Adjustable-rate mortgages are gaining momentum

Adjustable rate mortgages are gaining steam in the midst of increasingly challenging market dynamics. 

The ARM share of conventional single-family mortgage originations was 13% in March, a share three times greater than January 2021, according to CoreLogic. Borrowers are turning to this loan type in part because home affordability is at or near record lows and interest rates are exceeding 5%, multiple reports suggest.

“If the mortgage rates on [fixed rate mortgages] continue to increase in the coming years, the share of loans originated with an ARM will likely increase as well,” said Archana Pradhan, principal and economist at CoreLogic, in a new report.

The ARM share of purchase rate locks by volume spiked over the winter from 2.5% in December to 8% in March, according to Black Knight’s March Mortgage Monitor report. The share is the highest since 2017, but still far below the 40% of home purchases made via ARMs in 2005, the firm said.

While the average 30-year fixed interest rate has both sharply decreased and increased over the past two years, ARMs have proven slightly more steady. The ARM rate rose 40 basis points between December 2020 and March 2022, according to CoreLogic, compared to the fixed rate mortgage rate’s rise of 149 basis points over the same period.  

In mid-April, the average 5/1 ARM initial rate was 1.3% lower than the 30-year FRM rate, according to Black Knight. The competitive rates are a relief valve for buyers facing affordability just 1.6% below its all-time worst level in July 2006. The principal and interest payment on an average-priced home accounted for 32.5% of the median income in late April, Black Knight said, or $522 per month more since January.

Today’s ARM borrowers are also less risky, with an average credit score of 757, according to Black Knight. Their healthy credit stands in stark contrast to the 29% of ARM borrowers in 2005 with a credit score below 640, according to CoreLogic. In the lead-up to the Great Recession, 60% of ARMs originated in 2007 were low-and no-documentation loans compared to 40% of FRMs. 

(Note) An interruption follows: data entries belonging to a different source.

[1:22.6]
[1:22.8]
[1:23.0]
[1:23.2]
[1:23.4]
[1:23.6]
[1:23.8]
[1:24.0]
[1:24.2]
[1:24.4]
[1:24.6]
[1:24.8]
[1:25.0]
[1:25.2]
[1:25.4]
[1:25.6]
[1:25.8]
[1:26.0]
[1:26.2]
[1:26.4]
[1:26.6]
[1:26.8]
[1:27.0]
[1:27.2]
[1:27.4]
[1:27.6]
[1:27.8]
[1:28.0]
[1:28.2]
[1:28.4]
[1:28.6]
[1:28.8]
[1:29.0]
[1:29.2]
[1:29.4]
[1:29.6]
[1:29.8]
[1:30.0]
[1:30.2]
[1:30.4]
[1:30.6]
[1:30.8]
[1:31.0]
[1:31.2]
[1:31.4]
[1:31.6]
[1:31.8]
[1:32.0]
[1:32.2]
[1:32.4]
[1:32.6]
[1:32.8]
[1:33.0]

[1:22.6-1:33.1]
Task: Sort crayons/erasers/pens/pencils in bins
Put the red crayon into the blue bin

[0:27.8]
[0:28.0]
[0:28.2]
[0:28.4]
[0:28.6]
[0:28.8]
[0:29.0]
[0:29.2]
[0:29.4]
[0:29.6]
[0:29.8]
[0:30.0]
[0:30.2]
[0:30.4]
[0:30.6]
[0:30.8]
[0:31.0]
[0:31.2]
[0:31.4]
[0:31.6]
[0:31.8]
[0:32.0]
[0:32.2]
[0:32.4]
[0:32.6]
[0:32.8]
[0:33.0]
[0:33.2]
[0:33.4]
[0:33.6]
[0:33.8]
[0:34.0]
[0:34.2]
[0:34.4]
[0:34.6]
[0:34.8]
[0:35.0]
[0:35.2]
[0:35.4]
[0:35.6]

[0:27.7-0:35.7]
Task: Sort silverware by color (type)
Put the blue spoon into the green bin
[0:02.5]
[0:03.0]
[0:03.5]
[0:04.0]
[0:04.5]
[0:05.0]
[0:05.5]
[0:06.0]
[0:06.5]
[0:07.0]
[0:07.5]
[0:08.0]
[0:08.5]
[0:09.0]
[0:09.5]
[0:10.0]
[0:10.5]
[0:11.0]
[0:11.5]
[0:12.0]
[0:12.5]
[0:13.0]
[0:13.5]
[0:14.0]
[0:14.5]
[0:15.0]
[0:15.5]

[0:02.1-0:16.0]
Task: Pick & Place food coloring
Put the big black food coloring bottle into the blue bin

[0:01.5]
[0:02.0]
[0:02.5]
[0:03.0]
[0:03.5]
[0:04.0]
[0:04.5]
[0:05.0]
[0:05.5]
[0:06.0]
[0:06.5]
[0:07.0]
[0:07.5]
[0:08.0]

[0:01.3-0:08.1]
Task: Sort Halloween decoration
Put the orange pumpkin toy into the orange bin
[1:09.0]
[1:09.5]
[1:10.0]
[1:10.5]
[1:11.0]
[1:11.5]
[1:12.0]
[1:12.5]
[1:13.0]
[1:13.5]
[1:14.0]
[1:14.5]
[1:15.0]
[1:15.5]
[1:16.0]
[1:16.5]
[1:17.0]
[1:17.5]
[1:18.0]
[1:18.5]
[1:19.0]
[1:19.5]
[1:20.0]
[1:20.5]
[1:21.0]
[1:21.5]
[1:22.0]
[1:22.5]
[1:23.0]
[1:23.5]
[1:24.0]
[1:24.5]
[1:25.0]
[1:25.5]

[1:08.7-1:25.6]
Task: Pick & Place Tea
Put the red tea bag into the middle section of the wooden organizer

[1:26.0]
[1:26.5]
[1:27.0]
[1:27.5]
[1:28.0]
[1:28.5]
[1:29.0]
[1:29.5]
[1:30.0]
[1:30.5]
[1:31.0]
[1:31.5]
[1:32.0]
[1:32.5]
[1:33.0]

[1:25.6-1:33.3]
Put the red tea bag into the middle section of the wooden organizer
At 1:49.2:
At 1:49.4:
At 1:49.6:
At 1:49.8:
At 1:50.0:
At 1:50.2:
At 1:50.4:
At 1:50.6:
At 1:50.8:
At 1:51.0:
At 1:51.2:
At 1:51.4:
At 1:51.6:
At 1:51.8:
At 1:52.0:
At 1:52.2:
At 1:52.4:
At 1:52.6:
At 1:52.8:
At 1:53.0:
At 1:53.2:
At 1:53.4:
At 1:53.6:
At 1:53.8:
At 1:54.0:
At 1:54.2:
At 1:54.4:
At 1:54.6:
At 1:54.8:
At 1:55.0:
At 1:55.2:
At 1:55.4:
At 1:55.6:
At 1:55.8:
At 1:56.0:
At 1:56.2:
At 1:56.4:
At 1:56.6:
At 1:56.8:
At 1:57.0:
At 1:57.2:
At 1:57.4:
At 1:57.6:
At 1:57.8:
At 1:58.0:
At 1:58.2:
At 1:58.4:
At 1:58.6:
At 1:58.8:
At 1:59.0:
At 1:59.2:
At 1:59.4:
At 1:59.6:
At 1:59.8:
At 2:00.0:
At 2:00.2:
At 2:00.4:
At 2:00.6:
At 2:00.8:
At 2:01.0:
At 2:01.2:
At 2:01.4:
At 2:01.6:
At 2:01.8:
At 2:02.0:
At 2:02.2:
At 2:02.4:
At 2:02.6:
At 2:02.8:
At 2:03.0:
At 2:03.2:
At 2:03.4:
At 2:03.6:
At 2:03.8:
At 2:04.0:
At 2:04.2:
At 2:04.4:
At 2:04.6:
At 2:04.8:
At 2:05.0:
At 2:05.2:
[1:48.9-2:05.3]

CoreLogic also cited a strong relationship between the average sales price and the ARM share of loans, with high-priced coastal metros recording the largest share of ARMs. Among mortgages $1 million or larger in March, 37% of the dollar volume came from ARMs, up 7% from March, the firm said.

The number of outstanding ARMs is also at its lowest in 20 years, Black Knight found. Still, nearly 1.4 million active ARMs are in the adjustable phase and may face rate and payment increases in the coming months, the technology platform reported.